Linking cannot benefit from incremental compilation, each link pass starts afresh even if only a tiny part of program has changed.
Linking speed is at least linear (often worse) with the number of packages being linked into the final executable – larger programs link slower.
While multiple commands may be linked in parallel, each individual link is single threaded – as CPU speeds stall, or go backwards, favouring additional cores, linking gets slower in real terms.

It should be noted that while linking is considered slow in terms of the other parts of the Go toolchain, it remains much faster than linking a traditional C or C++ application.

Linking speed has long been recognised as an issue by the Go developers and during the 1.3 development cycle the linker underwent major changes to improve its performance.

What does the Go linker do ?

To understand the change, Russ Cox wrote in his proposal at the beginning of the cycle

The current linker performs two separable tasks.

First, it translates an input stream of pseudo-instructions into executable code and data blocks, along with a list of relocations.
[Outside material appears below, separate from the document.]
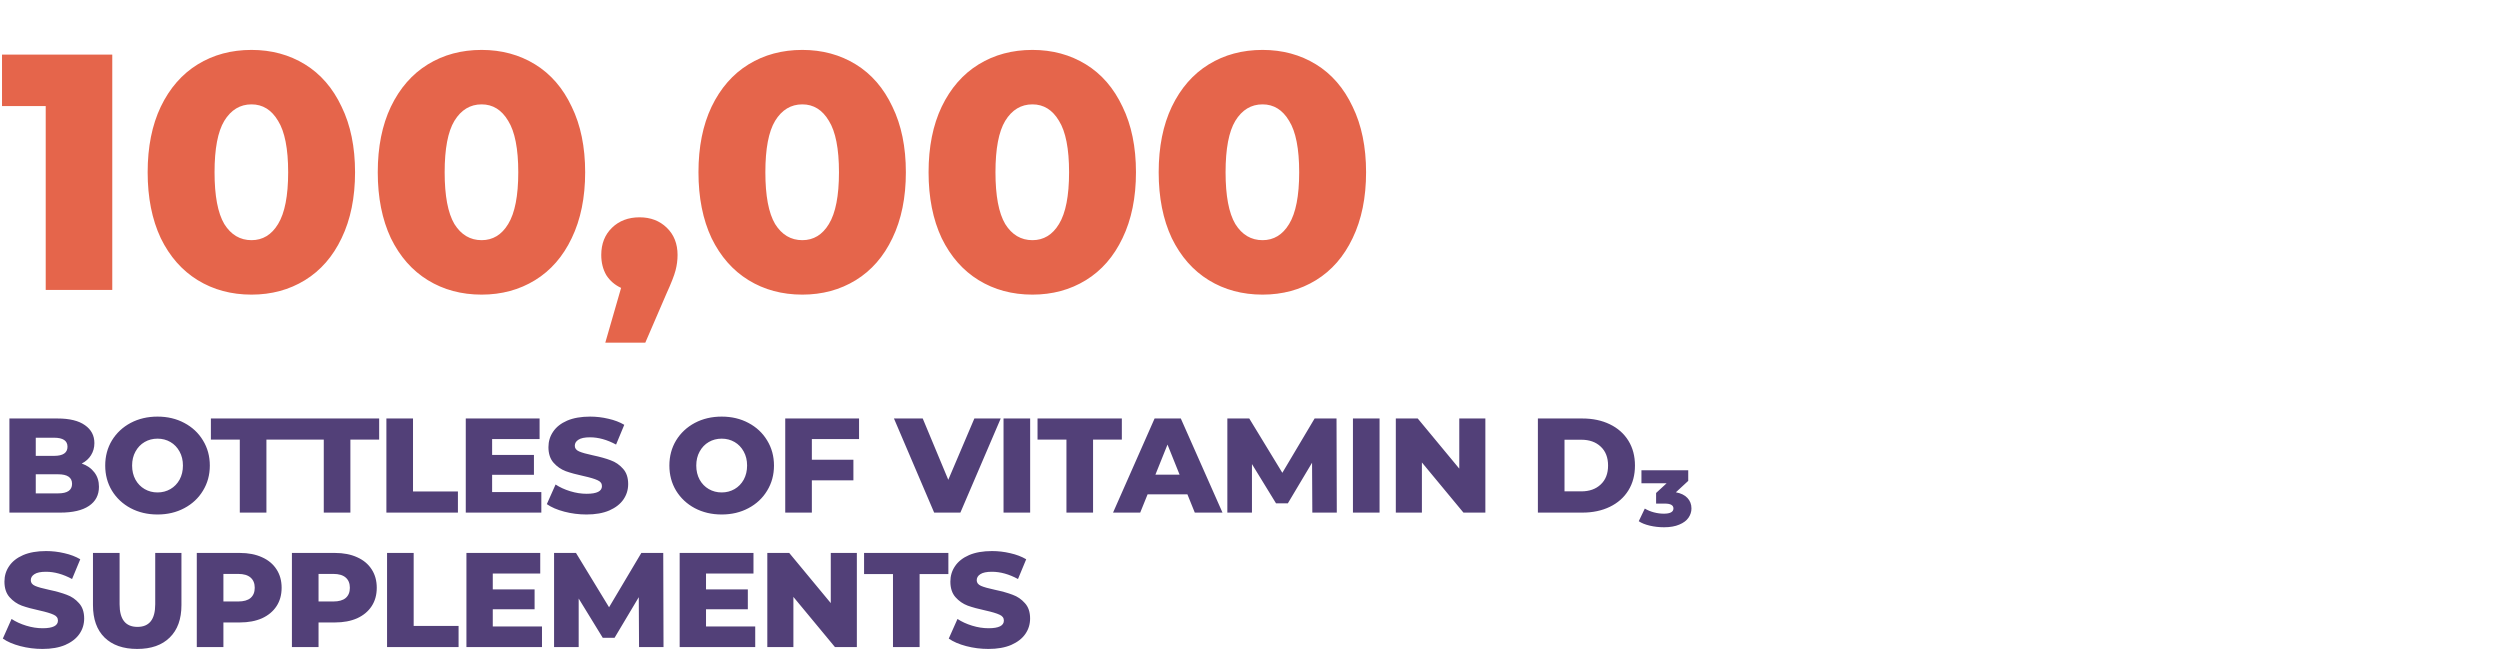 <svg xmlns="http://www.w3.org/2000/svg" width="595" height="159" viewBox="0 0 595 159" fill="none"><path d="M19.456 110.32C20.736 110.768 21.739 111.472 22.464 112.432C23.189 113.371 23.552 114.512 23.552 115.856C23.552 117.819 22.763 119.333 21.184 120.4C19.605 121.467 17.323 122 14.336 122H2.24V99.6H13.696C16.555 99.6 18.731 100.133 20.224 101.2C21.717 102.245 22.464 103.664 22.464 105.456C22.464 106.523 22.197 107.483 21.664 108.336C21.152 109.168 20.416 109.829 19.456 110.32ZM8.512 104.176V108.496H12.864C14.997 108.496 16.064 107.771 16.064 106.32C16.064 104.891 14.997 104.176 12.864 104.176H8.512ZM13.824 117.424C16.043 117.424 17.152 116.667 17.152 115.152C17.152 113.637 16.043 112.88 13.824 112.88H8.512V117.424H13.824ZM37.49 122.448C35.122 122.448 32.988 121.947 31.09 120.944C29.212 119.941 27.73 118.555 26.642 116.784C25.575 115.013 25.042 113.019 25.042 110.8C25.042 108.581 25.575 106.587 26.642 104.816C27.73 103.045 29.212 101.659 31.09 100.656C32.988 99.653 35.122 99.152 37.49 99.152C39.858 99.152 41.98 99.653 43.858 100.656C45.756 101.659 47.239 103.045 48.306 104.816C49.394 106.587 49.938 108.581 49.938 110.8C49.938 113.019 49.394 115.013 48.306 116.784C47.239 118.555 45.756 119.941 43.858 120.944C41.98 121.947 39.858 122.448 37.49 122.448ZM37.49 117.2C38.62 117.2 39.644 116.933 40.562 116.4C41.479 115.867 42.204 115.12 42.738 114.16C43.271 113.179 43.538 112.059 43.538 110.8C43.538 109.541 43.271 108.432 42.738 107.472C42.204 106.491 41.479 105.733 40.562 105.2C39.644 104.667 38.62 104.4 37.49 104.4C36.359 104.4 35.335 104.667 34.418 105.2C33.5 105.733 32.775 106.491 32.242 107.472C31.708 108.432 31.442 109.541 31.442 110.8C31.442 112.059 31.708 113.179 32.242 114.16C32.775 115.12 33.5 115.867 34.418 116.4C35.335 116.933 36.359 117.2 37.49 117.2ZM57.072 104.624H50.192V99.6H70.256V104.624H63.408V122H57.072V104.624ZM77.057 104.624H70.177V99.6H90.241V104.624H83.393V122H77.057V104.624ZM91.961 99.6H98.297V116.976H108.985V122H91.961V99.6ZM128.837 117.104V122H110.853V99.6H128.421V104.496H117.125V108.272H127.077V113.008H117.125V117.104H128.837ZM139.585 122.448C137.771 122.448 136.011 122.224 134.305 121.776C132.598 121.328 131.211 120.731 130.145 119.984L132.225 115.312C133.227 115.973 134.39 116.507 135.713 116.912C137.035 117.317 138.337 117.52 139.617 117.52C142.049 117.52 143.265 116.912 143.265 115.696C143.265 115.056 142.913 114.587 142.209 114.288C141.526 113.968 140.417 113.637 138.881 113.296C137.195 112.933 135.787 112.549 134.657 112.144C133.526 111.717 132.555 111.045 131.745 110.128C130.934 109.211 130.529 107.973 130.529 106.416C130.529 105.051 130.902 103.824 131.649 102.736C132.395 101.627 133.505 100.752 134.977 100.112C136.47 99.472 138.294 99.152 140.449 99.152C141.921 99.152 143.371 99.323 144.801 99.664C146.23 99.984 147.489 100.464 148.577 101.104L146.625 105.808C144.491 104.656 142.422 104.08 140.417 104.08C139.158 104.08 138.241 104.272 137.665 104.656C137.089 105.019 136.801 105.499 136.801 106.096C136.801 106.693 137.142 107.141 137.825 107.44C138.507 107.739 139.606 108.048 141.121 108.368C142.827 108.731 144.235 109.125 145.345 109.552C146.475 109.957 147.446 110.619 148.257 111.536C149.089 112.432 149.505 113.659 149.505 115.216C149.505 116.56 149.131 117.776 148.385 118.864C147.638 119.952 146.518 120.827 145.025 121.488C143.531 122.128 141.718 122.448 139.585 122.448ZM171.76 122.448C169.392 122.448 167.258 121.947 165.36 120.944C163.482 119.941 162 118.555 160.912 116.784C159.845 115.013 159.312 113.019 159.312 110.8C159.312 108.581 159.845 106.587 160.912 104.816C162 103.045 163.482 101.659 165.36 100.656C167.258 99.653 169.392 99.152 171.76 99.152C174.128 99.152 176.25 99.653 178.128 100.656C180.026 101.659 181.509 103.045 182.576 104.816C183.664 106.587 184.208 108.581 184.208 110.8C184.208 113.019 183.664 115.013 182.576 116.784C181.509 118.555 180.026 119.941 178.128 120.944C176.25 121.947 174.128 122.448 171.76 122.448ZM171.76 117.2C172.89 117.2 173.914 116.933 174.832 116.4C175.749 115.867 176.474 115.12 177.008 114.16C177.541 113.179 177.808 112.059 177.808 110.8C177.808 109.541 177.541 108.432 177.008 107.472C176.474 106.491 175.749 105.733 174.832 105.2C173.914 104.667 172.89 104.4 171.76 104.4C170.629 104.4 169.605 104.667 168.688 105.2C167.77 105.733 167.045 106.491 166.512 107.472C165.978 108.432 165.712 109.541 165.712 110.8C165.712 112.059 165.978 113.179 166.512 114.16C167.045 115.12 167.77 115.867 168.688 116.4C169.605 116.933 170.629 117.2 171.76 117.2ZM193.222 104.496V109.424H203.11V114.32H193.222V122H186.886V99.6H204.454V104.496H193.222ZM238.17 99.6L228.57 122H222.33L212.762 99.6H219.61L225.69 114.192L231.898 99.6H238.17ZM238.841 99.6H245.177V122H238.841V99.6ZM253.813 104.624H246.933V99.6H266.997V104.624H260.149V122H253.813V104.624ZM282.601 117.648H273.129L271.369 122H264.905L274.793 99.6H281.033L290.953 122H284.361L282.601 117.648ZM280.745 112.976L277.865 105.808L274.985 112.976H280.745ZM312.333 122L312.269 110.128L306.509 119.792H303.693L297.965 110.448V122H292.109V99.6H297.325L305.197 112.528L312.877 99.6H318.093L318.157 122H312.333ZM322 99.6H328.336V122H322V99.6ZM353.516 99.6V122H348.3L338.412 110.064V122H332.204V99.6H337.42L347.308 111.536V99.6H353.516ZM366.017 99.6H376.609C379.063 99.6 381.239 100.059 383.137 100.976C385.036 101.893 386.508 103.195 387.553 104.88C388.599 106.565 389.121 108.539 389.121 110.8C389.121 113.061 388.599 115.035 387.553 116.72C386.508 118.405 385.036 119.707 383.137 120.624C381.239 121.541 379.063 122 376.609 122H366.017V99.6ZM376.353 116.944C378.273 116.944 379.809 116.4 380.961 115.312C382.135 114.224 382.721 112.72 382.721 110.8C382.721 108.88 382.135 107.376 380.961 106.288C379.809 105.2 378.273 104.656 376.353 104.656H372.353V116.944H376.353ZM398.855 117.168C400.05 117.381 400.967 117.829 401.607 118.512C402.247 119.195 402.567 120.027 402.567 121.008C402.567 121.797 402.332 122.533 401.863 123.216C401.394 123.899 400.668 124.443 399.687 124.848C398.706 125.275 397.49 125.488 396.039 125.488C394.866 125.488 393.735 125.36 392.647 125.104C391.559 124.848 390.684 124.496 390.023 124.048L391.463 121.04C392.103 121.424 392.818 121.723 393.607 121.936C394.418 122.149 395.207 122.256 395.975 122.256C397.511 122.256 398.279 121.84 398.279 121.008C398.279 120.24 397.596 119.856 396.231 119.856H394.151V117.328L396.647 115.024H390.663V111.92H401.799V114.448L398.855 117.168ZM10.112 154.448C8.299 154.448 6.539 154.224 4.832 153.776C3.125 153.328 1.739 152.731 0.672 151.984L2.752 147.312C3.755 147.973 4.917 148.507 6.24 148.912C7.563 149.317 8.864 149.52 10.144 149.52C12.576 149.52 13.792 148.912 13.792 147.696C13.792 147.056 13.44 146.587 12.736 146.288C12.053 145.968 10.944 145.637 9.408 145.296C7.723 144.933 6.315 144.549 5.184 144.144C4.053 143.717 3.083 143.045 2.272 142.128C1.461 141.211 1.056 139.973 1.056 138.416C1.056 137.051 1.429 135.824 2.176 134.736C2.923 133.627 4.032 132.752 5.504 132.112C6.997 131.472 8.821 131.152 10.976 131.152C12.448 131.152 13.899 131.323 15.328 131.664C16.757 131.984 18.016 132.464 19.104 133.104L17.152 137.808C15.019 136.656 12.949 136.08 10.944 136.08C9.685 136.08 8.768 136.272 8.192 136.656C7.616 137.019 7.328 137.499 7.328 138.096C7.328 138.693 7.669 139.141 8.352 139.44C9.035 139.739 10.133 140.048 11.648 140.368C13.355 140.731 14.763 141.125 15.872 141.552C17.003 141.957 17.973 142.619 18.784 143.536C19.616 144.432 20.032 145.659 20.032 147.216C20.032 148.56 19.659 149.776 18.912 150.864C18.165 151.952 17.045 152.827 15.552 153.488C14.059 154.128 12.245 154.448 10.112 154.448ZM32.655 154.448C29.327 154.448 26.735 153.541 24.879 151.728C23.044 149.915 22.127 147.344 22.127 144.016V131.6H28.463V143.824C28.463 147.408 29.881 149.2 32.719 149.2C35.535 149.2 36.943 147.408 36.943 143.824V131.6H43.183V144.016C43.183 147.344 42.255 149.915 40.399 151.728C38.564 153.541 35.983 154.448 32.655 154.448ZM57.075 131.6C59.102 131.6 60.862 131.941 62.355 132.624C63.848 133.285 65 134.245 65.811 135.504C66.622 136.741 67.027 138.203 67.027 139.888C67.027 141.573 66.622 143.035 65.811 144.272C65 145.509 63.848 146.469 62.355 147.152C60.862 147.813 59.102 148.144 57.075 148.144H53.171V154H46.835V131.6H57.075ZM56.691 143.152C57.992 143.152 58.974 142.875 59.635 142.32C60.296 141.744 60.627 140.933 60.627 139.888C60.627 138.843 60.296 138.032 59.635 137.456C58.974 136.88 57.992 136.592 56.691 136.592H53.171V143.152H56.691ZM79.716 131.6C81.743 131.6 83.503 131.941 84.996 132.624C86.49 133.285 87.642 134.245 88.452 135.504C89.263 136.741 89.668 138.203 89.668 139.888C89.668 141.573 89.263 143.035 88.452 144.272C87.642 145.509 86.49 146.469 84.996 147.152C83.503 147.813 81.743 148.144 79.716 148.144H75.812V154H69.476V131.6H79.716ZM79.332 143.152C80.634 143.152 81.615 142.875 82.276 142.32C82.938 141.744 83.268 140.933 83.268 139.888C83.268 138.843 82.938 138.032 82.276 137.456C81.615 136.88 80.634 136.592 79.332 136.592H75.812V143.152H79.332ZM92.118 131.6H98.454V148.976H109.142V154H92.118V131.6ZM128.993 149.104V154H111.009V131.6H128.577V136.496H117.281V140.272H127.233V145.008H117.281V149.104H128.993ZM152.093 154L152.029 142.128L146.269 151.792H143.453L137.725 142.448V154H131.869V131.6H137.085L144.957 144.528L152.637 131.6H157.853L157.917 154H152.093ZM179.744 149.104V154H161.76V131.6H179.328V136.496H168.032V140.272H177.984V145.008H168.032V149.104H179.744ZM203.932 131.6V154H198.716L188.828 142.064V154H182.62V131.6H187.836L197.724 143.536V131.6H203.932ZM212.529 136.624H205.649V131.6H225.713V136.624H218.865V154H212.529V136.624ZM235.243 154.448C233.43 154.448 231.67 154.224 229.963 153.776C228.257 153.328 226.87 152.731 225.803 151.984L227.883 147.312C228.886 147.973 230.049 148.507 231.371 148.912C232.694 149.317 233.995 149.52 235.275 149.52C237.707 149.52 238.923 148.912 238.923 147.696C238.923 147.056 238.571 146.587 237.867 146.288C237.185 145.968 236.075 145.637 234.539 145.296C232.854 144.933 231.446 144.549 230.315 144.144C229.185 143.717 228.214 143.045 227.403 142.128C226.593 141.211 226.187 139.973 226.187 138.416C226.187 137.051 226.561 135.824 227.307 134.736C228.054 133.627 229.163 132.752 230.635 132.112C232.129 131.472 233.953 131.152 236.107 131.152C237.579 131.152 239.03 131.323 240.459 131.664C241.889 131.984 243.147 132.464 244.235 133.104L242.283 137.808C240.15 136.656 238.081 136.08 236.075 136.08C234.817 136.08 233.899 136.272 233.323 136.656C232.747 137.019 232.459 137.499 232.459 138.096C232.459 138.693 232.801 139.141 233.483 139.44C234.166 139.739 235.265 140.048 236.779 140.368C238.486 140.731 239.894 141.125 241.003 141.552C242.134 141.957 243.105 142.619 243.915 143.536C244.747 144.432 245.163 145.659 245.163 147.216C245.163 148.56 244.79 149.776 244.043 150.864C243.297 151.952 242.177 152.827 240.683 153.488C239.19 154.128 237.377 154.448 235.243 154.448Z" fill="#524078"></path><path d="M26.72 13V69H10.88V25.24H0.48V13H26.72ZM59.862 70.12C55.062 70.12 50.795 68.973 47.062 66.68C43.328 64.387 40.395 61.053 38.262 56.68C36.182 52.253 35.142 47.027 35.142 41C35.142 34.973 36.182 29.773 38.262 25.4C40.395 20.973 43.328 17.613 47.062 15.32C50.795 13.027 55.062 11.88 59.862 11.88C64.609 11.88 68.849 13.027 72.582 15.32C76.315 17.613 79.222 20.973 81.302 25.4C83.435 29.773 84.502 34.973 84.502 41C84.502 47.027 83.435 52.253 81.302 56.68C79.222 61.053 76.315 64.387 72.582 66.68C68.849 68.973 64.609 70.12 59.862 70.12ZM59.862 57.16C62.529 57.16 64.635 55.88 66.182 53.32C67.782 50.707 68.582 46.6 68.582 41C68.582 35.4 67.782 31.32 66.182 28.76C64.635 26.147 62.529 24.84 59.862 24.84C57.142 24.84 54.982 26.147 53.382 28.76C51.835 31.32 51.062 35.4 51.062 41C51.062 46.6 51.835 50.707 53.382 53.32C54.982 55.88 57.142 57.16 59.862 57.16ZM114.628 70.12C109.828 70.12 105.561 68.973 101.828 66.68C98.094 64.387 95.161 61.053 93.028 56.68C90.948 52.253 89.907 47.027 89.907 41C89.907 34.973 90.948 29.773 93.028 25.4C95.161 20.973 98.094 17.613 101.828 15.32C105.561 13.027 109.828 11.88 114.628 11.88C119.374 11.88 123.614 13.027 127.348 15.32C131.081 17.613 133.988 20.973 136.068 25.4C138.201 29.773 139.268 34.973 139.268 41C139.268 47.027 138.201 52.253 136.068 56.68C133.988 61.053 131.081 64.387 127.348 66.68C123.614 68.973 119.374 70.12 114.628 70.12ZM114.628 57.16C117.294 57.16 119.401 55.88 120.948 53.32C122.548 50.707 123.348 46.6 123.348 41C123.348 35.4 122.548 31.32 120.948 28.76C119.401 26.147 117.294 24.84 114.628 24.84C111.908 24.84 109.748 26.147 108.148 28.76C106.601 31.32 105.828 35.4 105.828 41C105.828 46.6 106.601 50.707 108.148 53.32C109.748 55.88 111.908 57.16 114.628 57.16ZM152.219 51.72C154.833 51.72 156.993 52.547 158.699 54.2C160.406 55.853 161.259 58.013 161.259 60.68C161.259 61.907 161.099 63.133 160.779 64.36C160.459 65.587 159.739 67.427 158.619 69.88L153.579 81.56H144.059L147.819 68.52C146.326 67.827 145.153 66.813 144.299 65.48C143.499 64.093 143.099 62.493 143.099 60.68C143.099 58.013 143.953 55.853 145.659 54.2C147.366 52.547 149.553 51.72 152.219 51.72ZM190.956 70.12C186.156 70.12 181.889 68.973 178.156 66.68C174.422 64.387 171.489 61.053 169.356 56.68C167.276 52.253 166.236 47.027 166.236 41C166.236 34.973 167.276 29.773 169.356 25.4C171.489 20.973 174.422 17.613 178.156 15.32C181.889 13.027 186.156 11.88 190.956 11.88C195.702 11.88 199.942 13.027 203.676 15.32C207.409 17.613 210.316 20.973 212.396 25.4C214.529 29.773 215.596 34.973 215.596 41C215.596 47.027 214.529 52.253 212.396 56.68C210.316 61.053 207.409 64.387 203.676 66.68C199.942 68.973 195.702 70.12 190.956 70.12ZM190.956 57.16C193.622 57.16 195.729 55.88 197.276 53.32C198.876 50.707 199.676 46.6 199.676 41C199.676 35.4 198.876 31.32 197.276 28.76C195.729 26.147 193.622 24.84 190.956 24.84C188.236 24.84 186.076 26.147 184.476 28.76C182.929 31.32 182.156 35.4 182.156 41C182.156 46.6 182.929 50.707 184.476 53.32C186.076 55.88 188.236 57.16 190.956 57.16ZM245.721 70.12C240.921 70.12 236.655 68.973 232.921 66.68C229.188 64.387 226.255 61.053 224.121 56.68C222.041 52.253 221.001 47.027 221.001 41C221.001 34.973 222.041 29.773 224.121 25.4C226.255 20.973 229.188 17.613 232.921 15.32C236.655 13.027 240.921 11.88 245.721 11.88C250.468 11.88 254.708 13.027 258.441 15.32C262.175 17.613 265.081 20.973 267.161 25.4C269.295 29.773 270.361 34.973 270.361 41C270.361 47.027 269.295 52.253 267.161 56.68C265.081 61.053 262.175 64.387 258.441 66.68C254.708 68.973 250.468 70.12 245.721 70.12ZM245.721 57.16C248.388 57.16 250.495 55.88 252.041 53.32C253.641 50.707 254.441 46.6 254.441 41C254.441 35.4 253.641 31.32 252.041 28.76C250.495 26.147 248.388 24.84 245.721 24.84C243.001 24.84 240.841 26.147 239.241 28.76C237.695 31.32 236.921 35.4 236.921 41C236.921 46.6 237.695 50.707 239.241 53.32C240.841 55.88 243.001 57.16 245.721 57.16ZM300.487 70.12C295.687 70.12 291.42 68.973 287.687 66.68C283.954 64.387 281.02 61.053 278.887 56.68C276.807 52.253 275.767 47.027 275.767 41C275.767 34.973 276.807 29.773 278.887 25.4C281.02 20.973 283.954 17.613 287.687 15.32C291.42 13.027 295.687 11.88 300.487 11.88C305.234 11.88 309.474 13.027 313.207 15.32C316.94 17.613 319.847 20.973 321.927 25.4C324.06 29.773 325.127 34.973 325.127 41C325.127 47.027 324.06 52.253 321.927 56.68C319.847 61.053 316.94 64.387 313.207 66.68C309.474 68.973 305.234 70.12 300.487 70.12ZM300.487 57.16C303.154 57.16 305.26 55.88 306.807 53.32C308.407 50.707 309.207 46.6 309.207 41C309.207 35.4 308.407 31.32 306.807 28.76C305.26 26.147 303.154 24.84 300.487 24.84C297.767 24.84 295.607 26.147 294.007 28.76C292.46 31.32 291.687 35.4 291.687 41C291.687 46.6 292.46 50.707 294.007 53.32C295.607 55.88 297.767 57.16 300.487 57.16Z" fill="#E5654B"></path></svg>

Second, it deletes dead code, merges what’s left into a single image, resolves relocations, and generates a few whole-program data structures such as the runtime symbol table.

In a nutshell, the change has moved the first task of the linker, the pseudo instruction translation, from the linker into the compiler.

What are pseudo instructions ?

Prior to Go 1.3, the output of the compiler, the .a files in your $GOPATH/pkg directory was not directly executable machine code. It was, as Russ describes, a stream of pseudo instructions, which, while not machine independent, it was also not directly executable.

During the linking phase, the linker itself was responsible for turning this pseudo instruction stream into real machine code. Dealing with pseudo instructions during the compilation phase makes the compiler simpler to write.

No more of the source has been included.